円安進行の動向に注意

 ドル/円は2015年の高値125.86円近辺をブレイクし、約20年ぶりに1ドル=126円台に乗せたかと思いきや20日(水)早朝には129円台に乗せてきました。あっという間に130円を目指す展開となってきました。

 週明け18日(月)に126円台後半まで上昇したドル/円は、同日の衆院決算行政監視委員会の質疑応答で日本銀行の黒田東彦総裁が、「過度に急激な変動というのは不確実性の高まりを通じてマイナスに作用するということも考慮する必要がある」と述べた上で、「企業の事業計画策定を難しくする恐れがある」と一定の警戒感を示したことから30銭程度の円高となりました。

 また、鈴木俊一財務相も原材料高の価格転嫁や賃上げが不十分とした上で、「どちらかといえば悪い円安ではないか」と述べ、改めて円安への懸念を示しました。

 しかし、黒田東彦総裁は円安が日本経済に「全体としてプラス」との見解は変えていないことや、現状は出口戦略を議論する状況ではないと金融緩和の継続も表明したことから、ドル/円は買い戻され、底堅い動きとなりました。

 米10年債利回りが2.9%超に上昇し、5月のFOMC(米連邦公開市場委員会)では0.5%以上の利上げ観測、前回の倍のペースでのQT(量的引き締め)開始観測が出ている中では、いくら円安けん制をしても焼け石に水かもしれません。

 しかし、19日(火)の閣議後の記者会見で鈴木俊一財務相は、127円台に円安が進行したことに関して、「急速な変動は望ましくない」と述べ、「円安の進行を含めた為替市場の動向、経済への影響について緊張感を持って注視している」と強調しました。

 この発言に対する為替市場の反応は、少し円高に動いただけですが、20日(水)に**G20財務相・中央銀行総裁会議と*G7財務相・中央銀行総裁会議が開催される前の発言としては、留意しておく必要があります。

*G7…カナダ、フランス、ドイツ、イタリア、日本、英国、米国の7カ国
**G20…G7の7カ国にアルゼンチン、オーストラリア、ブラジル、中国、インド、インドネシア、韓国、メキシコ、ロシア、サウジアラビア、南アフリカ、トルコ、欧州連合・欧州中央銀行を加えた20カ国・地域

 中尾武彦元財務官は、4月14日(木)の時事通信社とのインタビューの中で、G7で為替も議論されるのではないかとの質問に対し、「G7声明は為替レートについて、『市場が決めるべきだ』ということと『急激な変動は好ましくない』ということを指摘してきた。
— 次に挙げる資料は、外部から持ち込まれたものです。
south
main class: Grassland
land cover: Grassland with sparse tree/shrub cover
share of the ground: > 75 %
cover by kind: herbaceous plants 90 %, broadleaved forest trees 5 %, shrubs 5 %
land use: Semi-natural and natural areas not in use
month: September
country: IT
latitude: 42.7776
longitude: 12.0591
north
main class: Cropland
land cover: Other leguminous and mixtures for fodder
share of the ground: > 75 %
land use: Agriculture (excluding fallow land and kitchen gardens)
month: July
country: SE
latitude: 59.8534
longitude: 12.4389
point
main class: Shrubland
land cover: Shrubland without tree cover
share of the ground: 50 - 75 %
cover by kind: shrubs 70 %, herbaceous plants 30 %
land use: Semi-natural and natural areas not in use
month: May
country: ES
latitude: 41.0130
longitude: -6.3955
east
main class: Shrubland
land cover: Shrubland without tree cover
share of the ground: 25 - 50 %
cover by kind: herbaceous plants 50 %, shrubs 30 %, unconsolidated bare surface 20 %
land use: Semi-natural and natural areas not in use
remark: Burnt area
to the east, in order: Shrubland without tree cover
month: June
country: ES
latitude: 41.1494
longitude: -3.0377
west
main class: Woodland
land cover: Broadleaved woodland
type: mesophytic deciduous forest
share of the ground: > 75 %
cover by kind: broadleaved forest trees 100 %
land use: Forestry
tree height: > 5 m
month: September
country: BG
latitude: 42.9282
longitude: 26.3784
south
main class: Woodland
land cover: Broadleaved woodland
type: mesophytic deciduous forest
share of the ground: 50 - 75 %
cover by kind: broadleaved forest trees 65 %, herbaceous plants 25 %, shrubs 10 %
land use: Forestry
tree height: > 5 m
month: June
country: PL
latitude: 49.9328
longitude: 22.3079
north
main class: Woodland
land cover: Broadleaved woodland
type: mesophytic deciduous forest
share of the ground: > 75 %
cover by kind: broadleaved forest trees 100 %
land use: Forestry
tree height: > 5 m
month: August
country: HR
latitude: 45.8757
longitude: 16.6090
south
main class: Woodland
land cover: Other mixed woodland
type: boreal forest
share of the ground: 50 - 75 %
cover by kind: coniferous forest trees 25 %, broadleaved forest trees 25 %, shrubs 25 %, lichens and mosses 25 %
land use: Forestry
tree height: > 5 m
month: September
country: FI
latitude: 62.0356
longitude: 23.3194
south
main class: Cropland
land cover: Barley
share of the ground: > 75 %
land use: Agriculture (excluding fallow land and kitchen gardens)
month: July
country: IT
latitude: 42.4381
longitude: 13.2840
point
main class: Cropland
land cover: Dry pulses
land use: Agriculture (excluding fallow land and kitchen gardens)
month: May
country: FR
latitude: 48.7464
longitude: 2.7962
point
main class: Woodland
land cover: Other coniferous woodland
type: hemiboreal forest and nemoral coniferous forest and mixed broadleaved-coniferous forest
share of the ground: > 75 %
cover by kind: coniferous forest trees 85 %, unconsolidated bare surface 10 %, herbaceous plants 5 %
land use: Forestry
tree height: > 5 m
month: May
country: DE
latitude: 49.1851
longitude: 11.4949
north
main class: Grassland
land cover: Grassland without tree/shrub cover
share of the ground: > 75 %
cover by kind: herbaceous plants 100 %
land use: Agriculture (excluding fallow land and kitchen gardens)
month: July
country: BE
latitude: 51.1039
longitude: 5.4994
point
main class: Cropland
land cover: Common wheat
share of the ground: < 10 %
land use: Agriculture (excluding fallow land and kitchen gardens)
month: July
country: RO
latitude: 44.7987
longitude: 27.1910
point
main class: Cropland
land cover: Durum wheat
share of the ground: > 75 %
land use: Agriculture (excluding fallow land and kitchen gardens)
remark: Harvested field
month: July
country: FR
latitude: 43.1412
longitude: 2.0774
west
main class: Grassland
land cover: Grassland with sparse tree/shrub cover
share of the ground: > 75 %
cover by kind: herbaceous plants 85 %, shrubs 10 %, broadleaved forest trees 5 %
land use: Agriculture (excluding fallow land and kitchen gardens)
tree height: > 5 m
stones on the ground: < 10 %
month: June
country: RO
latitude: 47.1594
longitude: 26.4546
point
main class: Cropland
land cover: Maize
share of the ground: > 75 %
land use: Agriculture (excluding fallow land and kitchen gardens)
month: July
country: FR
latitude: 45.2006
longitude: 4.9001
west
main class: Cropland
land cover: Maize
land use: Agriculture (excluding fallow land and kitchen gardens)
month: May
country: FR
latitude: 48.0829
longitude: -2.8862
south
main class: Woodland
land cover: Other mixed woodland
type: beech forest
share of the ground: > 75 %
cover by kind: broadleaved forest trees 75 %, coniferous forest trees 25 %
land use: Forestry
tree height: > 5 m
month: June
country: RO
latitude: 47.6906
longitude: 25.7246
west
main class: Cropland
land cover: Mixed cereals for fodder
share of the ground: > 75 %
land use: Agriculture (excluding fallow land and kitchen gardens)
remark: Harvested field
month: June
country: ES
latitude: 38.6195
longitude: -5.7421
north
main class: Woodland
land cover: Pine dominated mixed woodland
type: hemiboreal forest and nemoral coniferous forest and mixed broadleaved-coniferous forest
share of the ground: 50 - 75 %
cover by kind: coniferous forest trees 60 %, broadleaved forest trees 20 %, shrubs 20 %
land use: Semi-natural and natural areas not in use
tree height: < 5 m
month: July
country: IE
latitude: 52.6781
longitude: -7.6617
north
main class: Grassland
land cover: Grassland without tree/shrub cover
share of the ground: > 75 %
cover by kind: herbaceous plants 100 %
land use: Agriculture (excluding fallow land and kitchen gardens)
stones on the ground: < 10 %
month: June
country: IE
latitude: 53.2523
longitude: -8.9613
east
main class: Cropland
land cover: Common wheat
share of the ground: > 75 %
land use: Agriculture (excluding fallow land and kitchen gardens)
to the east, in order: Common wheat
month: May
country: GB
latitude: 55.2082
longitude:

後者の重要性が高まっているのではないか」と述べています。

 19日(火)の鈴木俊一財務相の発言は、まさにそのことに触れており、もし、20日(水)のG7で声明として共有された場合、為替市場が一時的に踏みとどまる可能性があるかもしれません。

 さらに、21日(木)には、鈴木俊一財務相はイエレン米財務長官と2国間会談を行う予定となっています。

 鈴木俊一財務相は19日(火)の記者会見で「米国などの通貨当局と緊密な意思疎通を図り、適切に対応しなければならない」と述べていますが、イエレン財務長官との会談後の記者会見で(鈴木俊一財務相単独会見であったとしても)日本の円安懸念を米国と共有したとの内容が伝われば、為替市場に何らかの影響があるかもしれません。

 ただ、日米の金融政策が今すぐ変わるということではないため、円安進行が一服する程度かもしれませんが、それでも注意する必要があります。